No pictures belong in the copy. Restate the rest of the data exactly.

Records excerpted from a collection
Start of Block

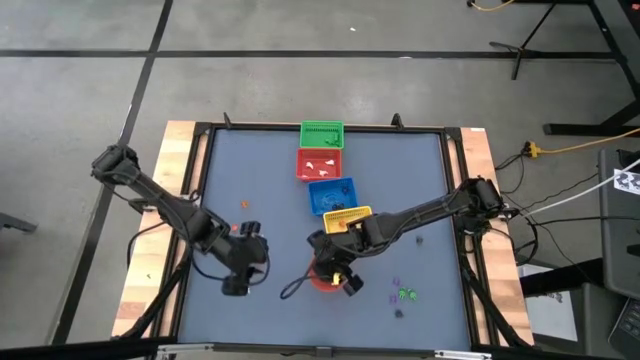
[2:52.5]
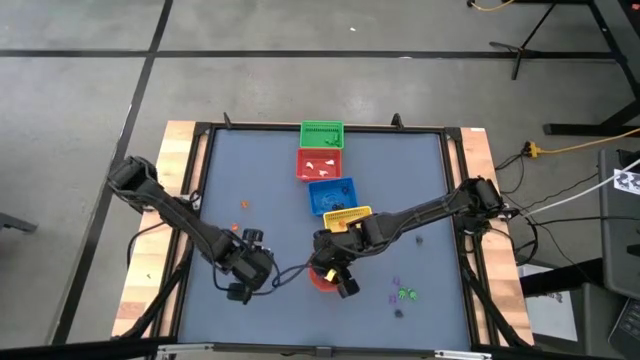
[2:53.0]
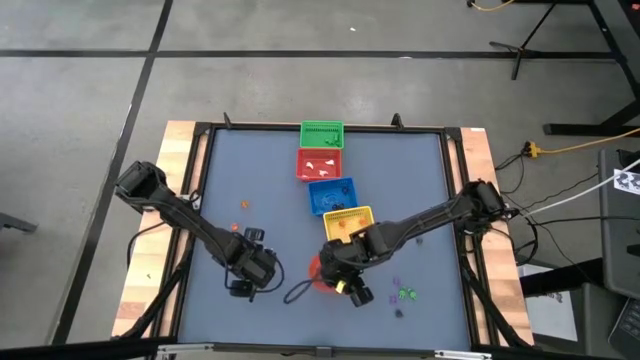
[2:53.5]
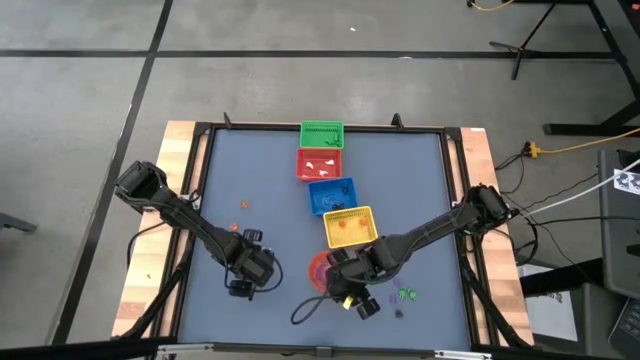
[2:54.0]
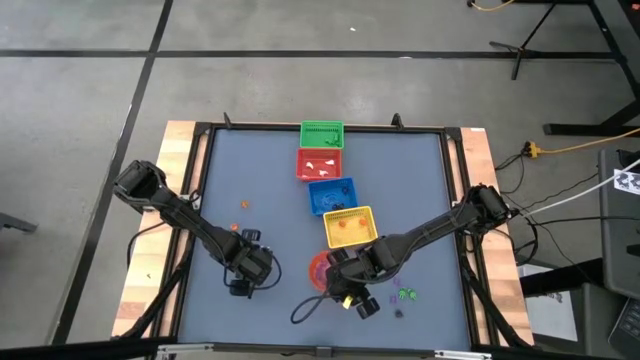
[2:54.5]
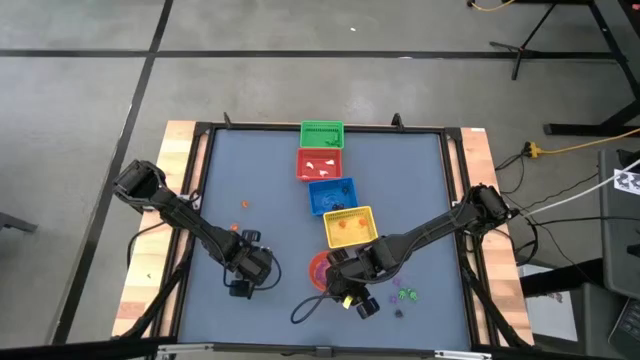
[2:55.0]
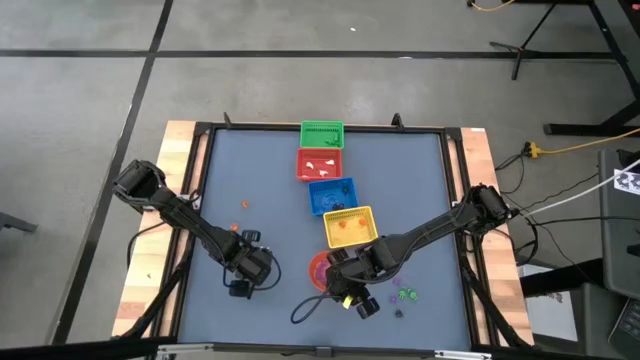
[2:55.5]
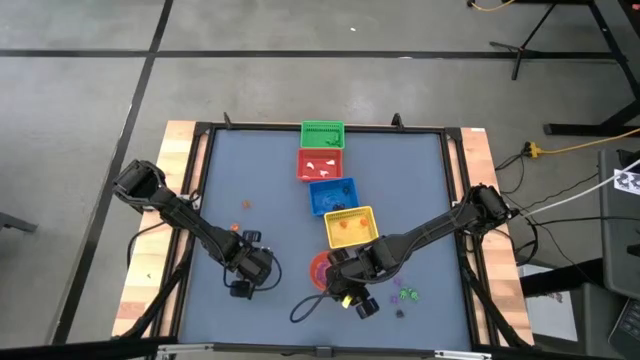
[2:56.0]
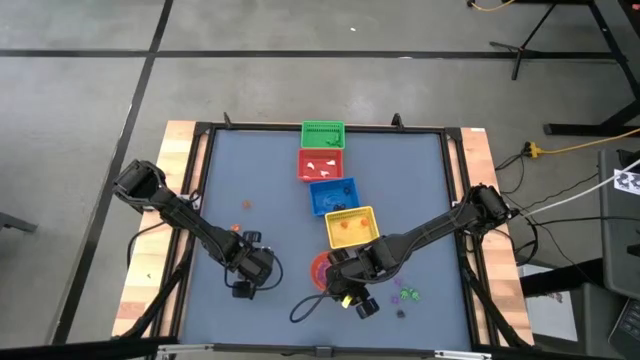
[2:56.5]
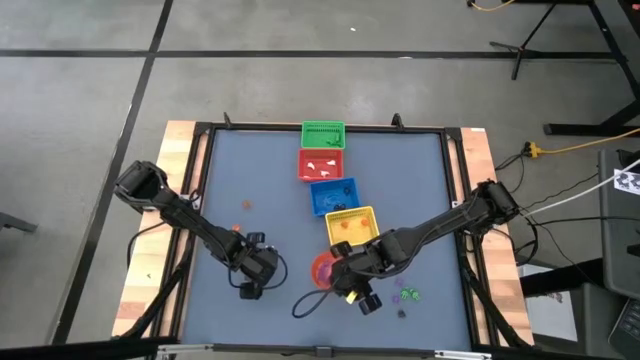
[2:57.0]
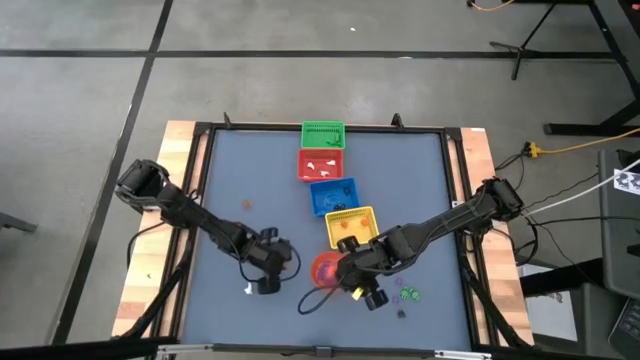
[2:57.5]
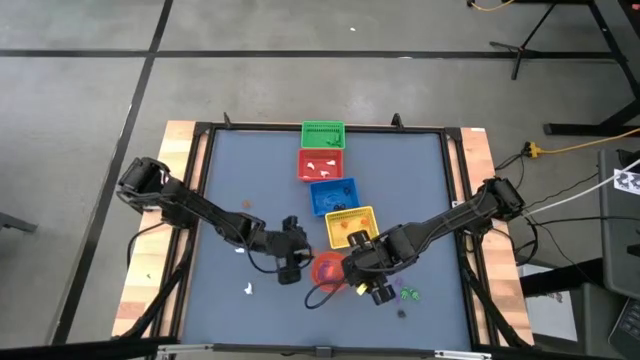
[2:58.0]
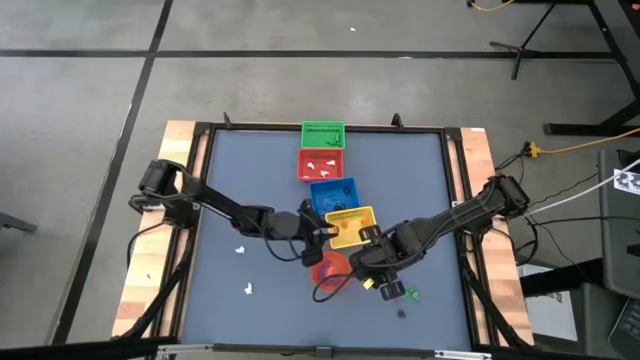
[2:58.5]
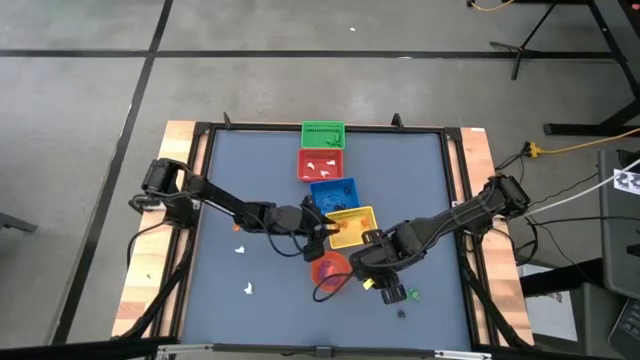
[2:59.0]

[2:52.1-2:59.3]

End of Block

# Output
[2:52.5]
[2:53.0]
[2:53.5]
[2:54.0]
[2:54.5]
[2:55.0]
[2:55.5]
[2:56.0]
[2:56.5]
[2:57.0]
[2:57.5]
[2:58.0]
[2:58.5]
[2:59.0]

[2:52.1-2:59.3]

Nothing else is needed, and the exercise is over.